Tuesday, February 26, 2008

Skiing on snow, not ice?!


I headed up north to go skiing with my dad at powder mountain and snowbasin. Snowbasin is where the 2002 Salt Lake Olympic courses were. By riding a small tram and listening to a "you might die skiing here" spiel from the lift operator, you can get up to the ridge at the very top where the downhill start huts are. Below the starts was a snowfield that was amazingly fun to ski down, but only while making lots of turns. I can't quite imagine going straight down it at 80 mph like downhillers do.
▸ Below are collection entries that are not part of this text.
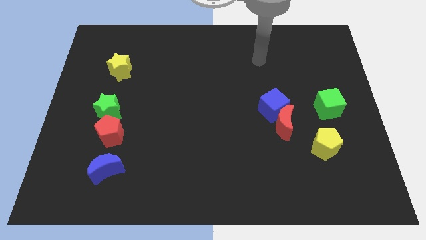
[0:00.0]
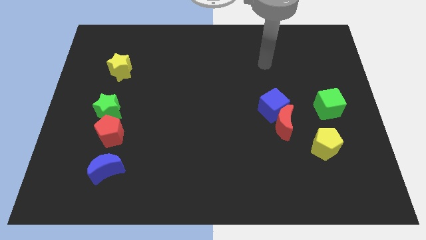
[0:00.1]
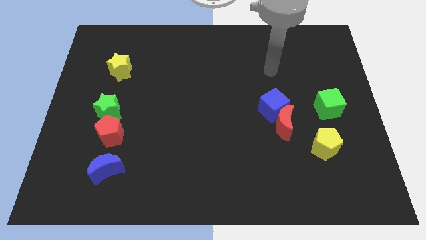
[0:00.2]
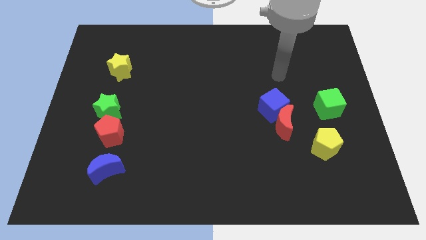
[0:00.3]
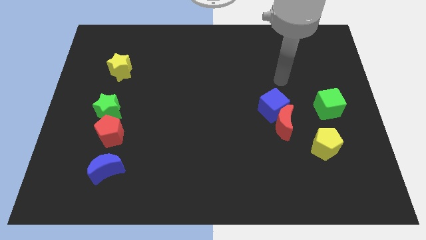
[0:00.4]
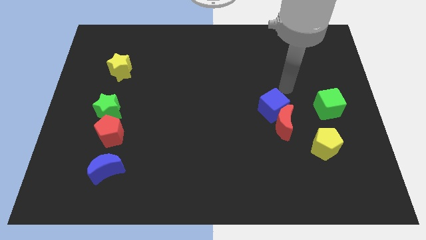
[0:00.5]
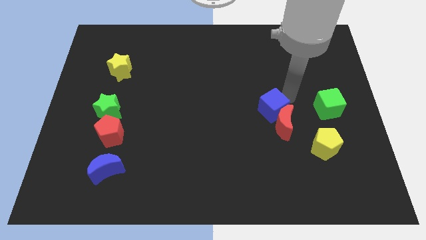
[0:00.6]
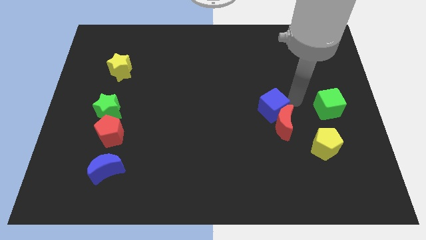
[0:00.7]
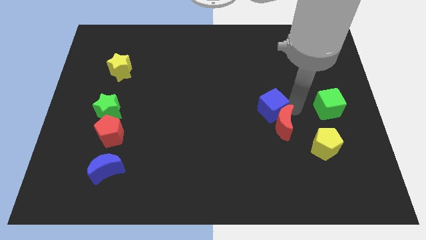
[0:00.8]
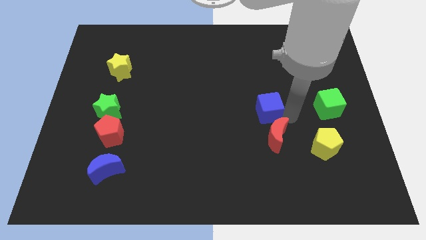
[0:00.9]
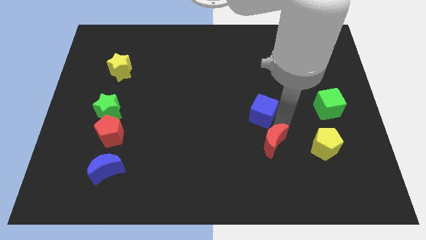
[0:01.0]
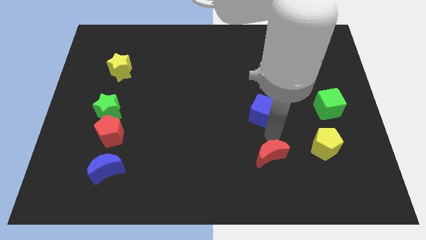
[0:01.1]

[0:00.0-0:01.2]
separate the blue cube from the red moon

Earlier in the day, the mountain was entirely shrouded in dense fog. I couldn't see more than a dozen yards. One side of the mountain had almost no trees, and there would be sections where nothing was visible but white. No trees, no skiiers, no signs. I couldn't tell the ground from the air. Gravity was the only sense I had left, the only thing to do was go down (and hope a sketchy cliff didn't materialize out of the fog. Later in the day, the sun finally appeared.
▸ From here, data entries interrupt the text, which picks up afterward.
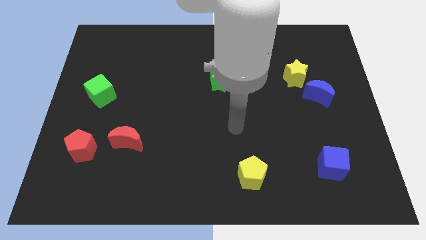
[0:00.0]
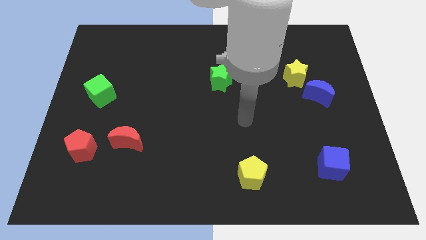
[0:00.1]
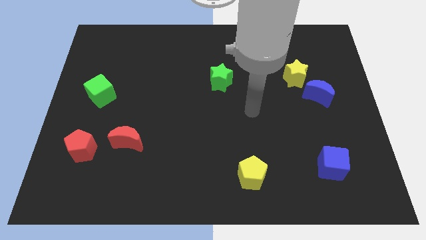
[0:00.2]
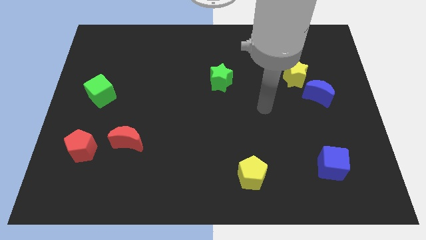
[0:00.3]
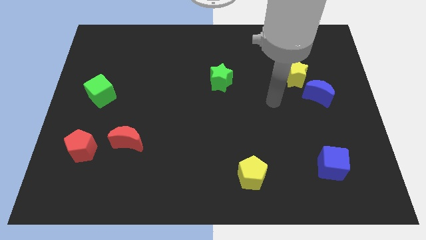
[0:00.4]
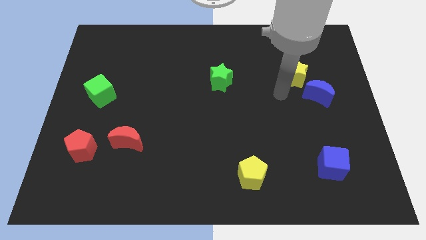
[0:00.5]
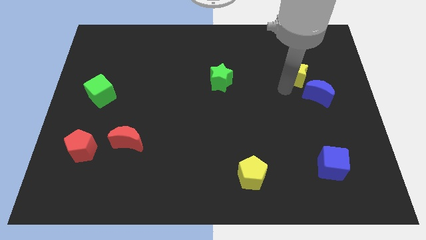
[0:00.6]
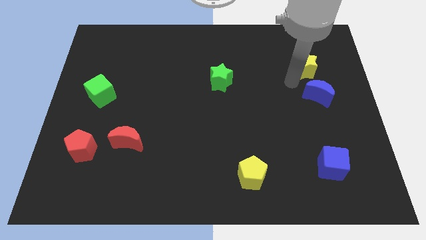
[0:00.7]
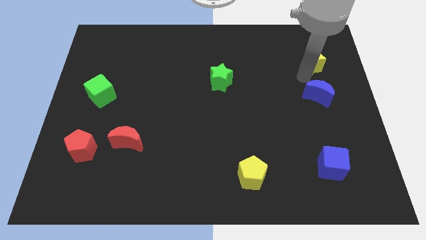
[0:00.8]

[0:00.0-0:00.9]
move the blue moon away from the yellow star

The other mountain, powder mountain, lived up to its name, and I got to ski real, western powder for the first time in my life. It really was floaty and lovely. But bizarre to ski in - you have to lean back (which goes against everything I have ever learned about skiing on ice back east).


We weren't allowed to burn real wood in our fireplace, so we got a firelog that spewed green flames. Kind of wierd, but kind of fun too.